Forget the pain, the discipline, the broccoli, Michaels advised her Toronto fans. Instead, concentrate on your goals. "Skinny jeans! Sex with the lights on! Meeting your grandchildren's children!"

Nice Jillian retreats when asked about a recent study from the University of Alberta showing that people who watched The Biggest Loser had more negative thoughts about fitness than people who watched classic couch-potato fare like American Idol. Making people scream and cry and throw up depicts exercise as "this horrible experience where you have to push yourself to the extremes and the limits, which is completely wrong," said lead author Tanya Berry, an associate professor in U of A's phys-ed faculty and holder of a Tier II Canada Research Chair in Physical Activity Promotion.

"We have a 60-per-cent success rate on that show," Michaels responds crisply, "and in real life, 5 per cent of the people who lose a large amount of weight keep it off.

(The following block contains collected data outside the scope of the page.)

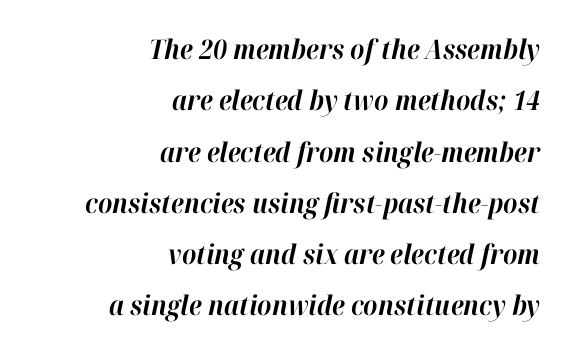
{"italic": "yes", "lean": "right", "slant_degrees": 12, "bold": "yes", "underline": "no", "align": "right", "line_spacing": "loose", "line_spacing_ratio": 1.9, "letter_spacing": "normal", "letter_spacing_em": 0.0, "glyph_px": 27}
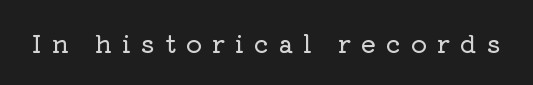
Tracking value appears strongly positive — letters spread wide. Is there any slant? The stems are plumb. This rendering features lettering with no underline.
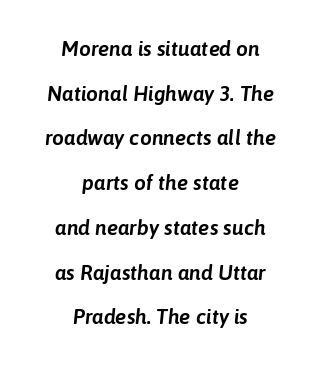
{"italic": "yes", "lean": "right", "slant_degrees": 6, "underline": "no", "align": "center", "line_spacing": "loose", "line_spacing_ratio": 2.13, "letter_spacing": "normal", "letter_spacing_em": 0.0, "glyph_px": 21}
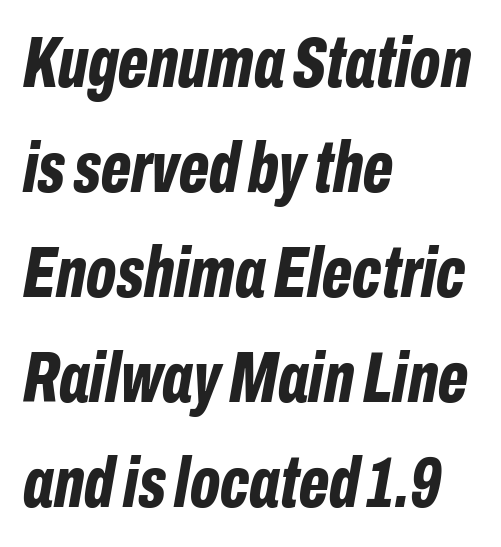
The image shows 72 px bold, condensed type, italic (leaning right); set left-aligned, normal line spacing (1.46x), normal letter spacing, not underlined; low stroke contrast and a medium x-height.
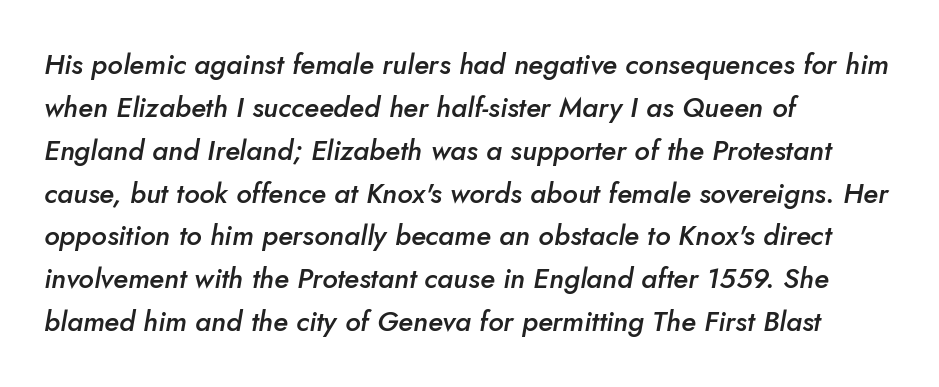
{"italic": "yes", "lean": "right", "slant_degrees": 5, "bold": "semi", "weight": "semibold", "width": "normal", "stroke_contrast": "low", "x_height": "small", "monospaced": "no", "underline": "no", "align": "left", "line_spacing": "normal", "line_spacing_ratio": 1.53, "letter_spacing": "normal", "letter_spacing_em": 0.0, "glyph_px": 28}
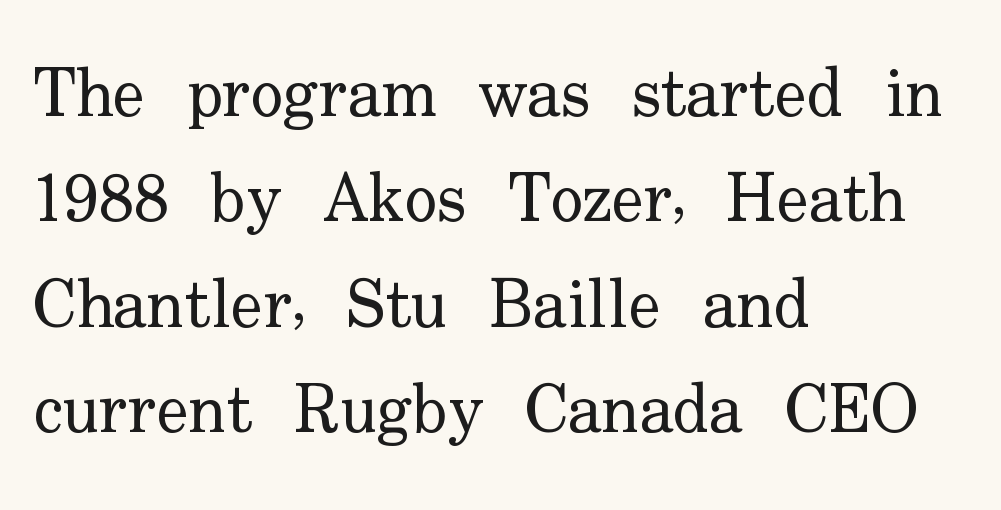
Think standard paragraph weight, or any step lighter than that. The typesetter chose a ragged-right arrangement here. The font family rendered here belongs to the serif group. Check the space under the baseline: it is left empty. Default kerning and tracking; the words read as compact shapes. The block of text has a typical density, with ordinary space between rows.
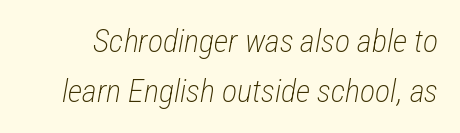
The image shows 32 px light, condensed type, italic (leaning right); set normal line spacing (1.57x), normal letter spacing, not underlined; low stroke contrast and a medium x-height.

"I would simply say, if Biggest Loser was doing so much harm in the world, I don't know how I would have built an empire off it. It's got to be motivating somebody. I've sold a lot of DVDs, you know what I mean?"

And with two-thirds of U.S. adults said to be obese, along with one in three of their children, there's more work than ever for the tough-love gospel of Jillian Michaels.

"Right now, a lot of people are feeling a bit hopeless and a bit depleted, and what we need to do is to educate, inform, fight the good fight, pump people up, incentivize them as positively as possible and hopefully we'll start to turn this thing around."

In other words: Faint, puke or die – it's up to you.